To find the probability that 5 of the 10 animals treated with the drug will die before the experiment is over, we can use the binomial probability formula. The formula for binomial probability is:
P(X = k) = (n choose k) * p^k * (1 - p)^(n - k)
Where:
- P(X = k) is the probability of exactly k successes
- n is the total number of trials
- k is the number of desired successes
- p is the probability of success in a single trial
- (n choose k) is the binomial coefficient, calculated as n! / (k! * (n - k)!)

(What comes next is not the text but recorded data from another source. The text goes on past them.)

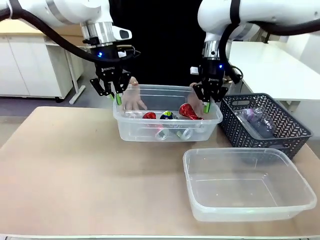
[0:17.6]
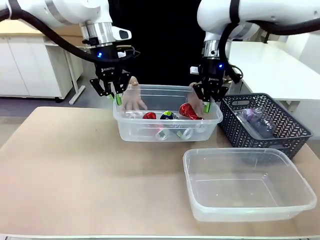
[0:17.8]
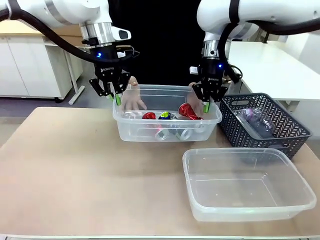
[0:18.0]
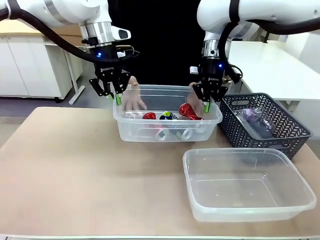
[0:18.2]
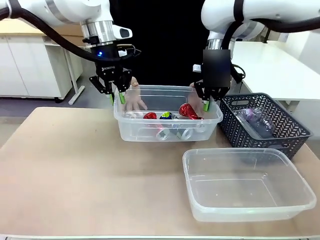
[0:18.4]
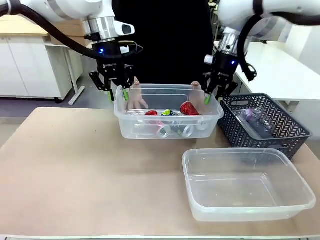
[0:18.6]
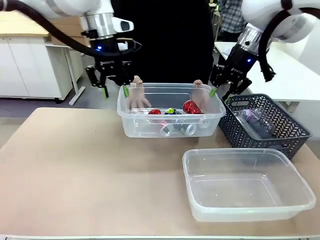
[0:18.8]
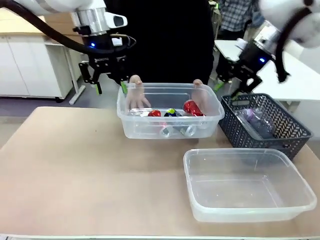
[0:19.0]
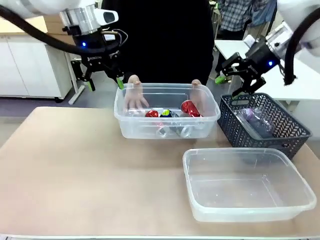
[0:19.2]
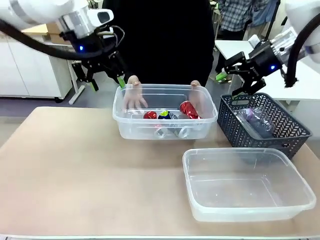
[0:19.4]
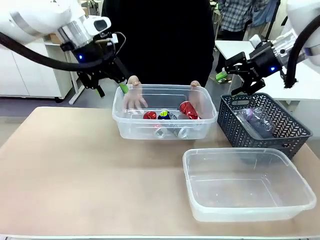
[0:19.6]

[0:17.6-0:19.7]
Robot: Release the Organizing box you were holding.

In this case, we want to find the probability that 5 animals will die (k = 5) out of a total of 10 animals (n = 10). The probability of an animal dying from the drug is given as 4 out of 20 (p = 4/20 = 0.2).
Using the formula:
P(X = 5) = (10 choose 5) * (0.2)^5 * (1 - 0.2)^(10 - 5)
Let's calculate this:
P(X = 5) = (10! / (5! * (10 - 5)!)) * (0.2)^5 * (1 - 0.2)^5
Simplifying:
P(X = 5) = (252) * (0.2)^5 * (0.8)^5
P(X = 5) ≈ 0.026
Therefore, the probability that exactly 5 animals out of the 10 treated with the drug will die before the experiment is over is approximately 0.026, or 2.6%.